The records that follow are to be printed exactly, with no images.
▼
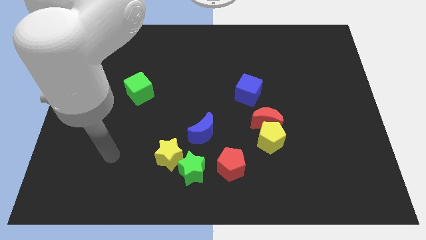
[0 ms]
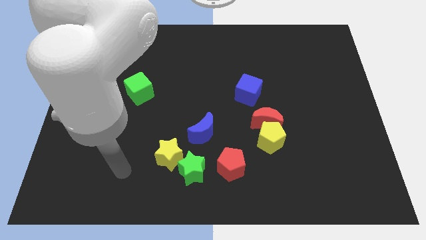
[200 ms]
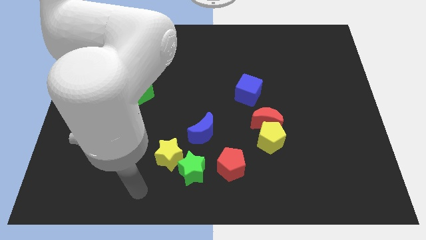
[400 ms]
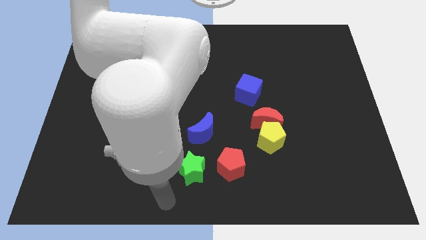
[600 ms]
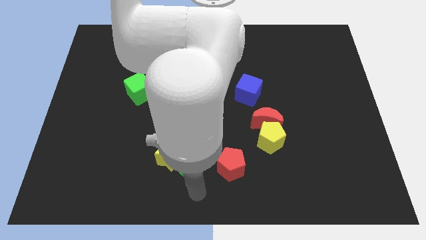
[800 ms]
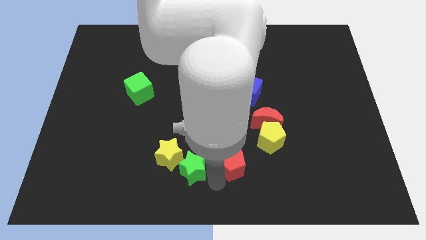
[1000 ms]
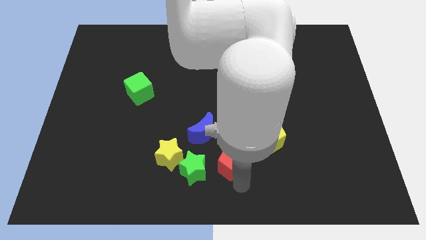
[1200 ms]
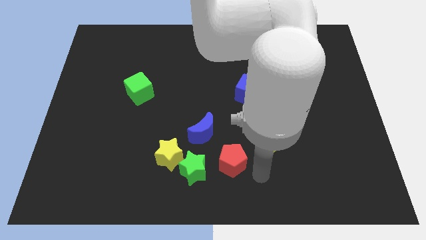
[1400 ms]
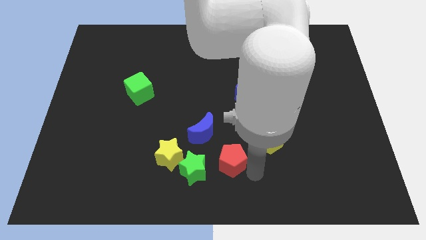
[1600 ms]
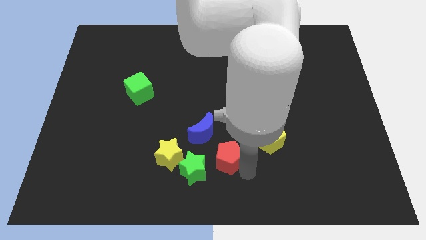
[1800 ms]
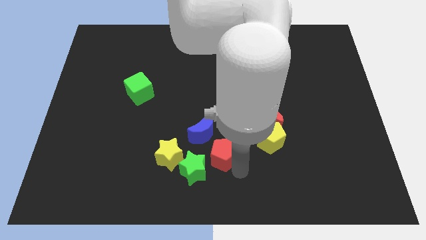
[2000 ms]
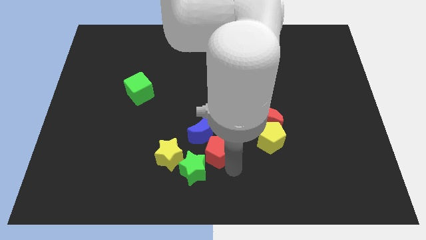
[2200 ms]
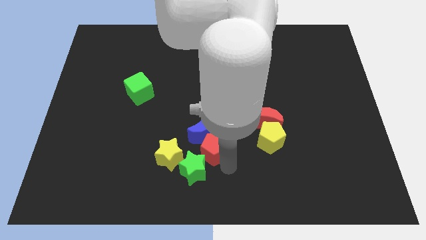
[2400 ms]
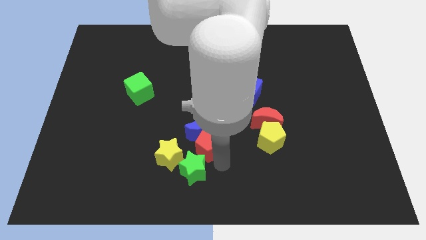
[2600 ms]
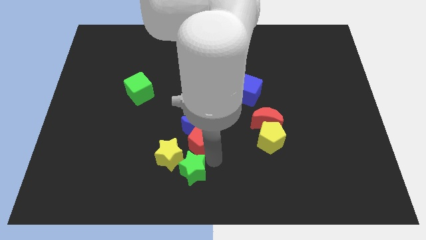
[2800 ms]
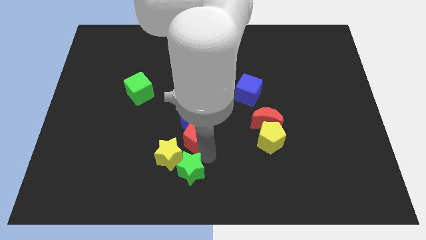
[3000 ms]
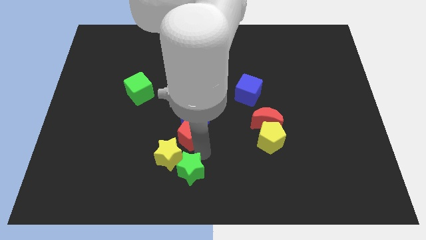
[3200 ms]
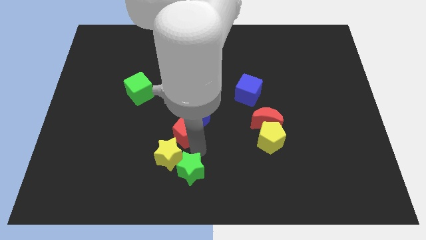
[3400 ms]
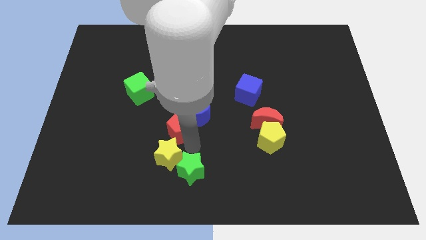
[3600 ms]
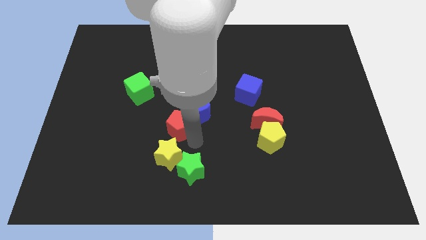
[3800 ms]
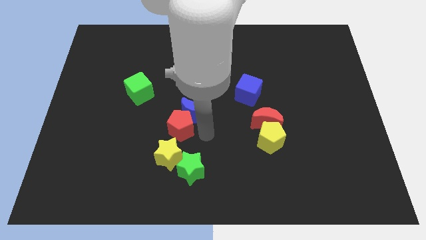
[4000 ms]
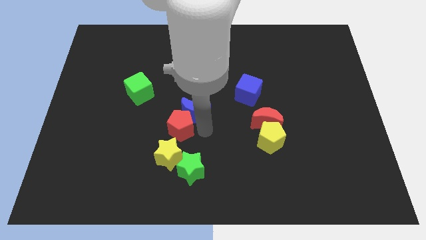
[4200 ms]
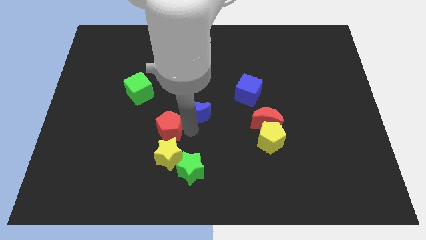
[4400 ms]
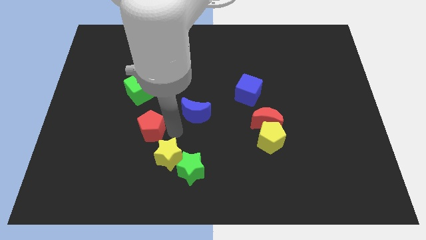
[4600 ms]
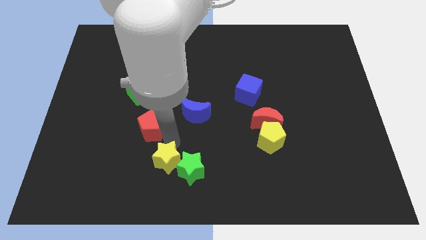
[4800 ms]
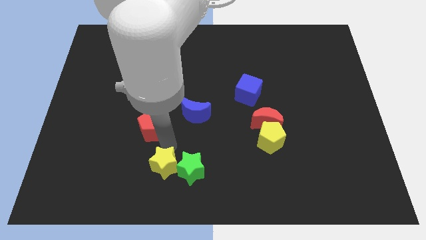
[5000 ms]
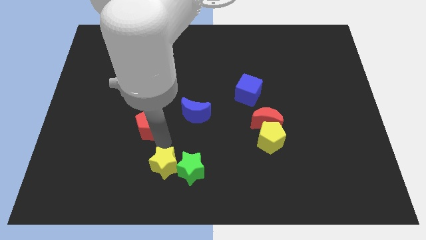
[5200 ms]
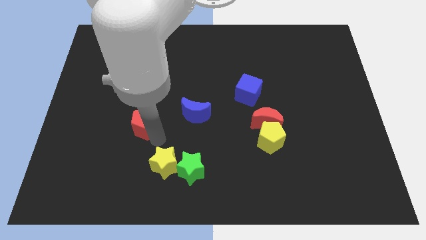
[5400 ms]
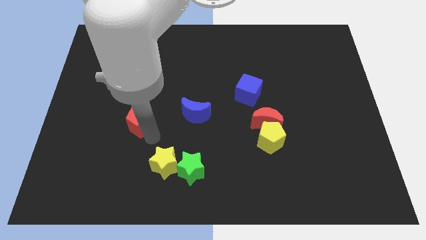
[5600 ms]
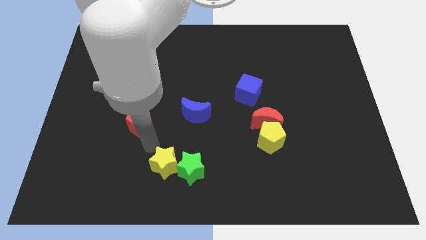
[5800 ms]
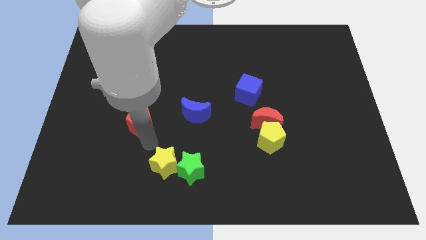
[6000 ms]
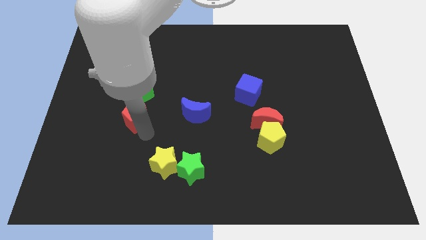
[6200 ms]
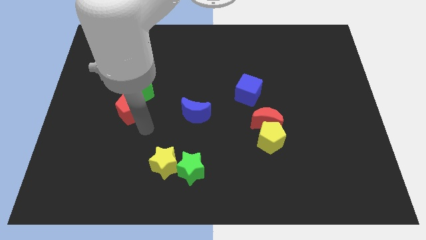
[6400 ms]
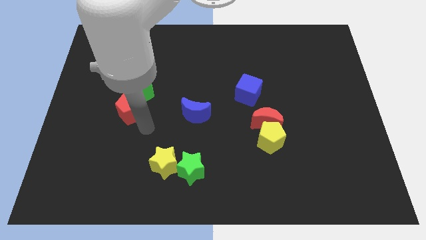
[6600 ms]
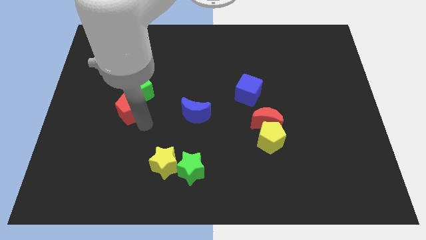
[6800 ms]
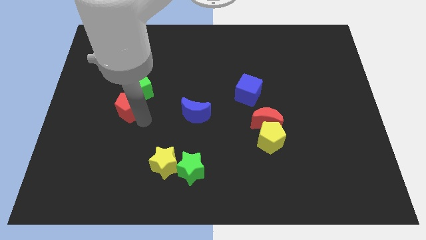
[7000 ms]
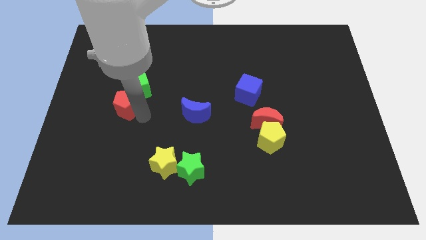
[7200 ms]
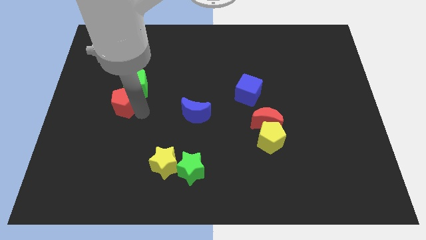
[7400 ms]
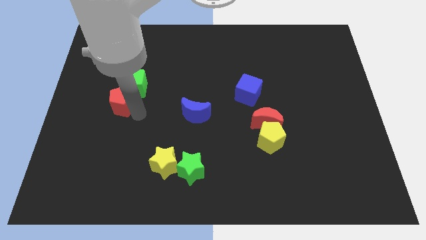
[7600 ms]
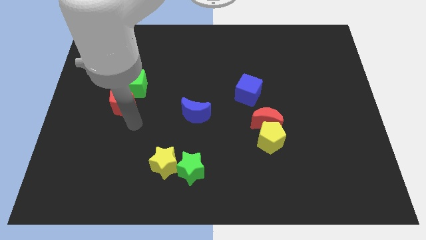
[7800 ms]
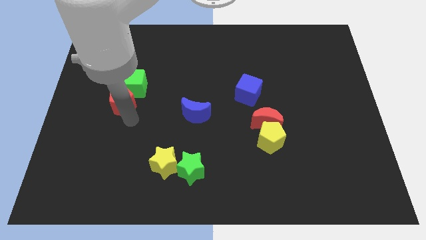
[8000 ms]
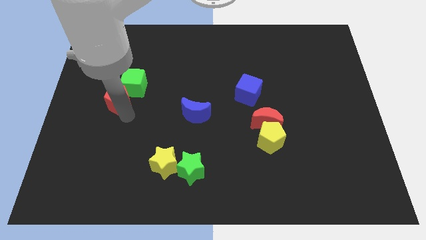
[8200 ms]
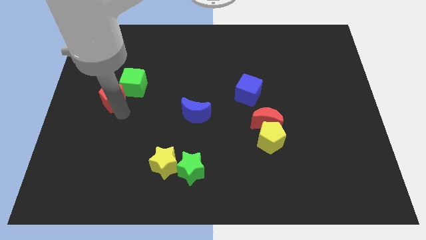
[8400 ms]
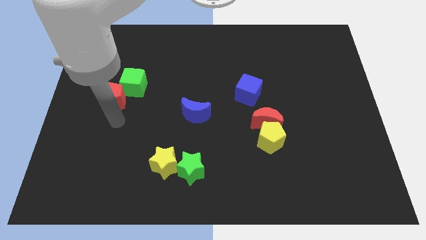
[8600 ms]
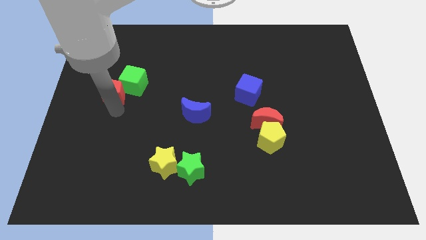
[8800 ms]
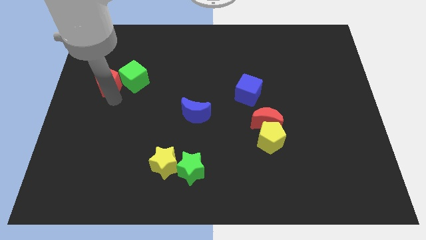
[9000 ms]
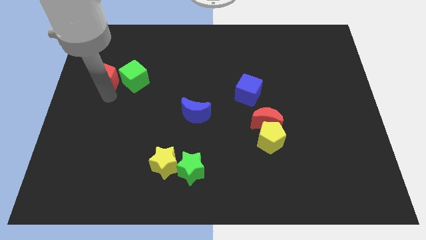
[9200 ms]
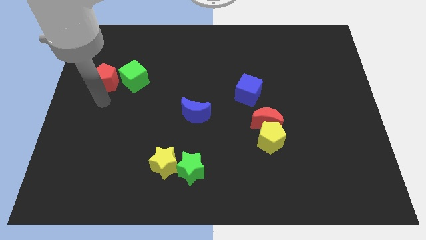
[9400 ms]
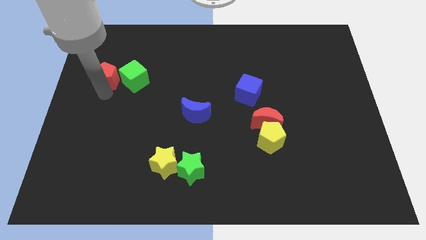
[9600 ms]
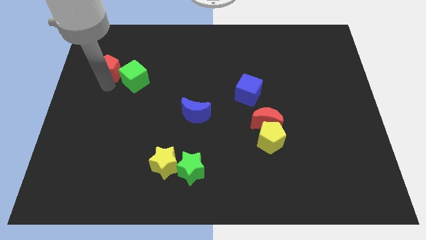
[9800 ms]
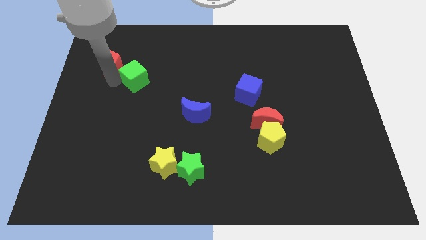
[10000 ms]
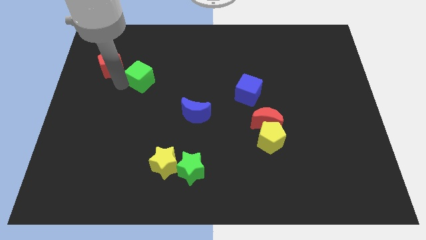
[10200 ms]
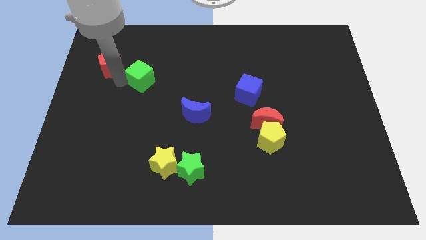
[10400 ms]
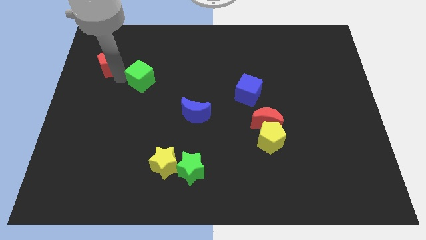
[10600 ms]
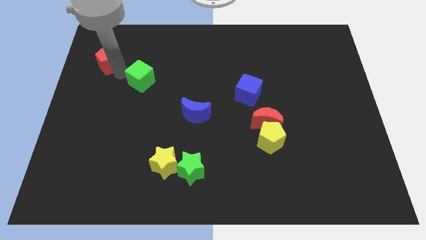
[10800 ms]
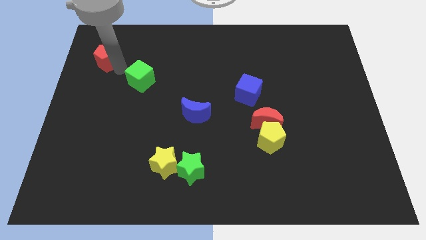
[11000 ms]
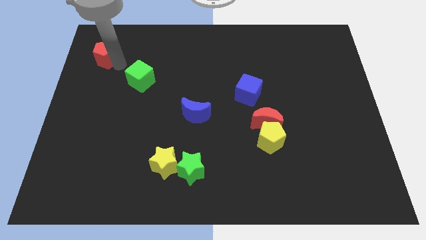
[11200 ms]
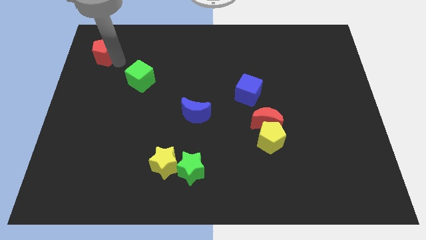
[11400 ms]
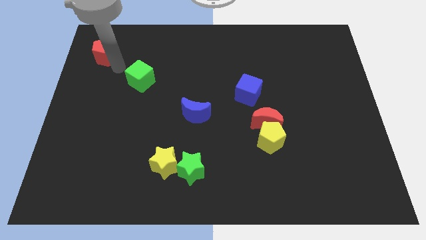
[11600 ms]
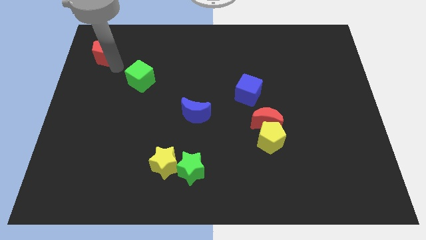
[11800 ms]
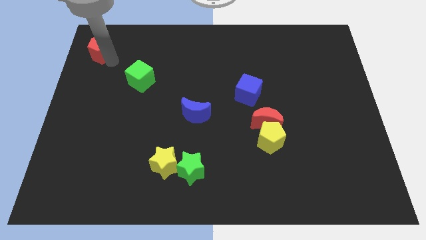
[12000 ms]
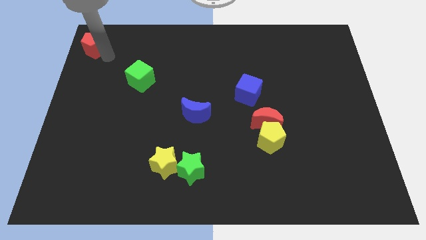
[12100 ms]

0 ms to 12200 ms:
push the red pentagon to the upper left corner
▲
TASK RESPONSE =>
[0 ms]
[200 ms]
[400 ms]
[600 ms]
[800 ms]
[1000 ms]
[1200 ms]
[1400 ms]
[1600 ms]
[1800 ms]
[2000 ms]
[2200 ms]
[2400 ms]
[2600 ms]
[2800 ms]
[3000 ms]
[3200 ms]
[3400 ms]
[3600 ms]
[3800 ms]
[4000 ms]
[4200 ms]
[4400 ms]
[4600 ms]
[4800 ms]
[5000 ms]
[5200 ms]
[5400 ms]
[5600 ms]
[5800 ms]
[6000 ms]
[6200 ms]
[6400 ms]
[6600 ms]
[6800 ms]
[7000 ms]
[7200 ms]
[7400 ms]
[7600 ms]
[7800 ms]
[8000 ms]
[8200 ms]
[8400 ms]
[8600 ms]
[8800 ms]
[9000 ms]
[9200 ms]
[9400 ms]
[9600 ms]
[9800 ms]
[10000 ms]
[10200 ms]
[10400 ms]
[10600 ms]
[10800 ms]
[11000 ms]
[11200 ms]
[11400 ms]
[11600 ms]
[11800 ms]
[12000 ms]
[12100 ms]

0 ms to 12200 ms:
push the red pentagon to the upper left corner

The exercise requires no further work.